NANOG Erupts: “Spain Is Turning Off Half the Internet”

Following Martínez’s post, responses from around the globe poured into NANOG, a central hub for global network operators. The tone quickly escalated from alarm to outright condemnation.

“This isn’t network neutrality. This is censorship by blunt force,” said Tim Burke, an operator from the U.S.
“Spain is literally switching off half the internet to stop a few pirate streams,” added nanog@immibis.com, another participant.

Some technical experts criticized Cloudflare for its use of technologies like Encrypted Client Hello (ECH) and DNS over HTTPS (DoH), which they argue make domain-specific blocking nearly impossible. As a result, ISPs, under pressure to comply with court orders, resort to blocking entire IP subnets, affecting all sites hosted on those CDNs—legitimate or not.

“It’s all or nothing. That’s how Cloudflare has designed it. They made it impossible by design,” stated Constantine A. Murenin, referencing Cloudflare’s commitment to privacy-focused encryption protocols.

However, defenders of Cloudflare argued that privacy and encryption are non-negotiable, and that it’s the legal overreach of authorities, not protocol design, that’s to blame.

“Eyeball customers pay for the full internet, not ‘the internet minus every CDN the ISP doesn’t like,’” said Burke.

A European Trend? Italy’s Similar Crisis

Spain isn’t alone. Contributors noted that Italy has already implemented similar measures, but with even less oversight. There, the Serie A football league donated a content-blocking platform called Piracy Shield to the government regulator AGCOM. New laws require ISPs to block IPs and domains submitted by copyright holders—without a court order, and within 30 minutes of notification.

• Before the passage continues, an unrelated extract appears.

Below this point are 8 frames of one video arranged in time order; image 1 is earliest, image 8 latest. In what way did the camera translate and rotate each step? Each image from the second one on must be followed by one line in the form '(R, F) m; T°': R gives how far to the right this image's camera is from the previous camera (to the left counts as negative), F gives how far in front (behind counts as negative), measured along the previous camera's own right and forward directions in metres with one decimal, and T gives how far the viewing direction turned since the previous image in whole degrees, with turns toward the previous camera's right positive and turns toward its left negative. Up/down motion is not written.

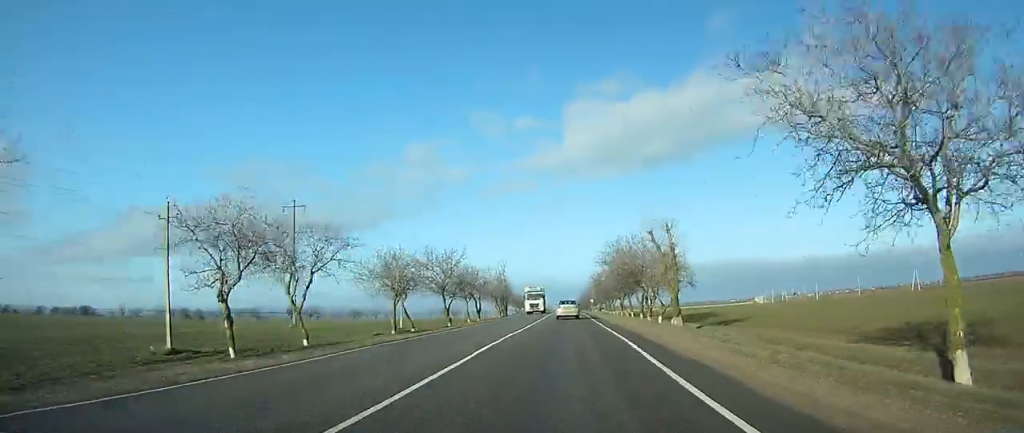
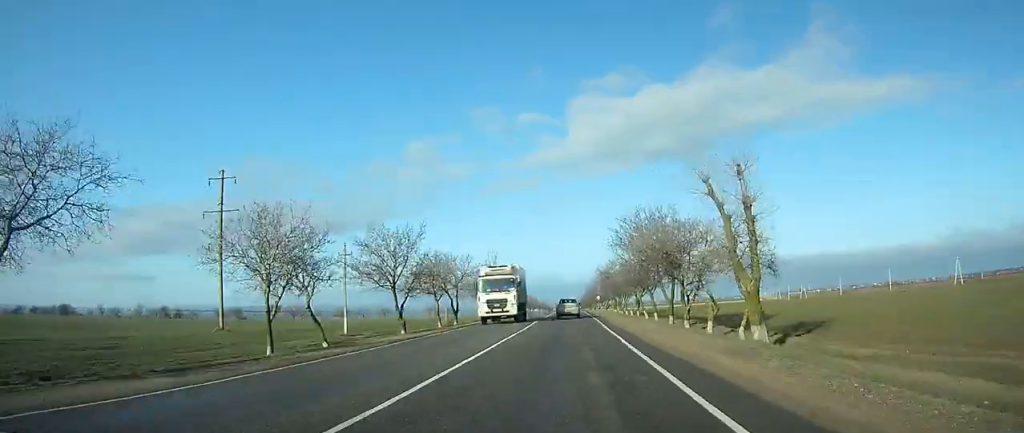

“In Italy, copyright holders themselves enter the IPs to block. No control, no judicial review,” said Brian Turnbow, an operator in Italy. “It’s caused mass disruption, and the CCIA has already sent a letter of protest to the European Commission.”

Cloudflare: Legal Action Already Underway

According to NANOG contributors, Cloudflare has already filed legal challenges to these blanket blockades in Spain. The company argues that such measures undermine the core functioning of the web, set a dangerous precedent for censorship, and breach the European net neutrality framework.

While the legal battle unfolds, millions of Spanish users—businesses, developers, NGOs, and institutions—find themselves relying on VPNs or left completely offline during sports events.

Is This the Internet We Want?

At the heart of the NANOG discussion lies a deeper question: Should ISPs have the power to censor the internet en masse in the name of copyright protection?

Supporters of decentralized, encrypted networks argue that selective censorship should never be a technical possibility in the first place. Critics warn that the “all or nothing” model pushes authoritarian tendencies further, enabling mass blackouts in democratic nations over commercial interests.

“You can’t have it both ways,” concluded one participant. “Either you support open protocols and accept that bad actors will hide, or you give governments the power to unplug half the internet at will.”